Our student group scattered quickly—mesmerized by the scale of the thing. A child kissing a lion, a little boy sleeping with a bobcat, a man swimming with whales. And then I saw him. Standing in front of a photograph I can only recall with a pull in my heart so strong I have to take a step back. The picture was of a little boy, eyes closed, eagle wings spread behind him.
I was instantly in awe.
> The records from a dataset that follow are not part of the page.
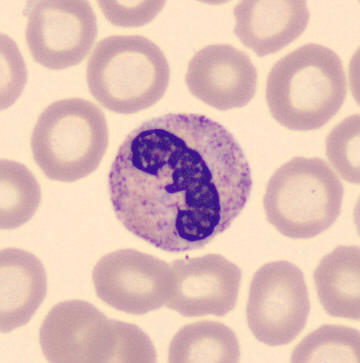Cell type — band neutrophil.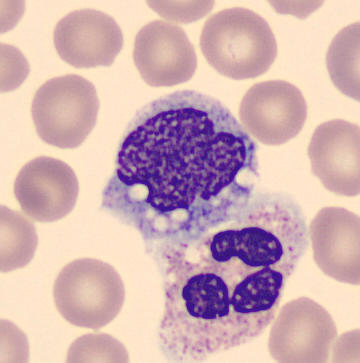
Image: Peripheral blood film · cropped to a single cell · 360×363 px.

Morphology — monocyte.
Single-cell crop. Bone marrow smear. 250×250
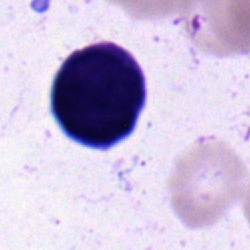

Impression — blast.
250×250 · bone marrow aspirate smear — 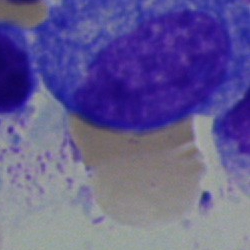Impression — promyelocyte.

Of the photographs, the image itself, and this boy. The one outside the photograph. Brown shaggy hair. Low-slung jeans. Two brown shirts layered like dirt. I didn’t see his eyes immediately. I didn’t yet know they were the most searing shade of green, like jewels, so sharp they could cut right through you.
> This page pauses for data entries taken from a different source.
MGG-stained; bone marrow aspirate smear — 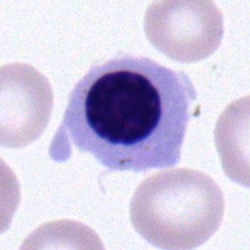
Single cell identified as a normoblast.
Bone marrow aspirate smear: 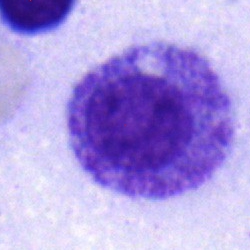

Q: What is the morphological classification of this cell?
A: A myelocyte.
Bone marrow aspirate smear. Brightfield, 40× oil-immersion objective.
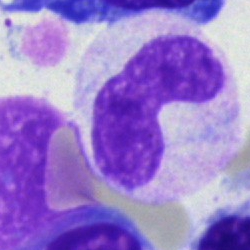 Neutrophil (band).
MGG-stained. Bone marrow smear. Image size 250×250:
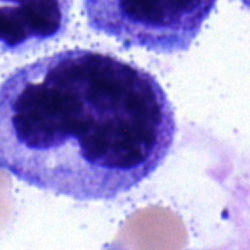Cell type: monocyte.
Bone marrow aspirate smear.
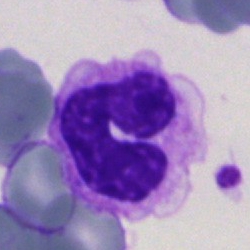Impression — stab cell.
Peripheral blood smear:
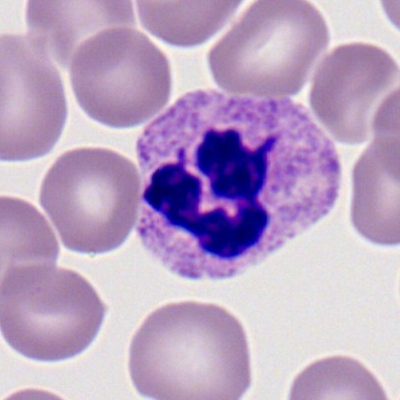

Specimen: peripheral blood smear.
Morphological class: polymorphonuclear neutrophil.
Lineage: myeloid.

I stood next to him. We didn’t look at each other. For minutes. Five, maybe more. I couldn’t tell what I was seeing—him, or the boy. But I felt a current between us; the sand kicked up around us like it was charged, too. Everything seemed to converge. For one beautiful, exquisite moment there was no separation.
“I’ve been four times already,” he told me, eyes still gazing forward. “I never want to leave this spot.”
“He’s beautiful,” I said.
“The whole exhibit is pretty incredible.”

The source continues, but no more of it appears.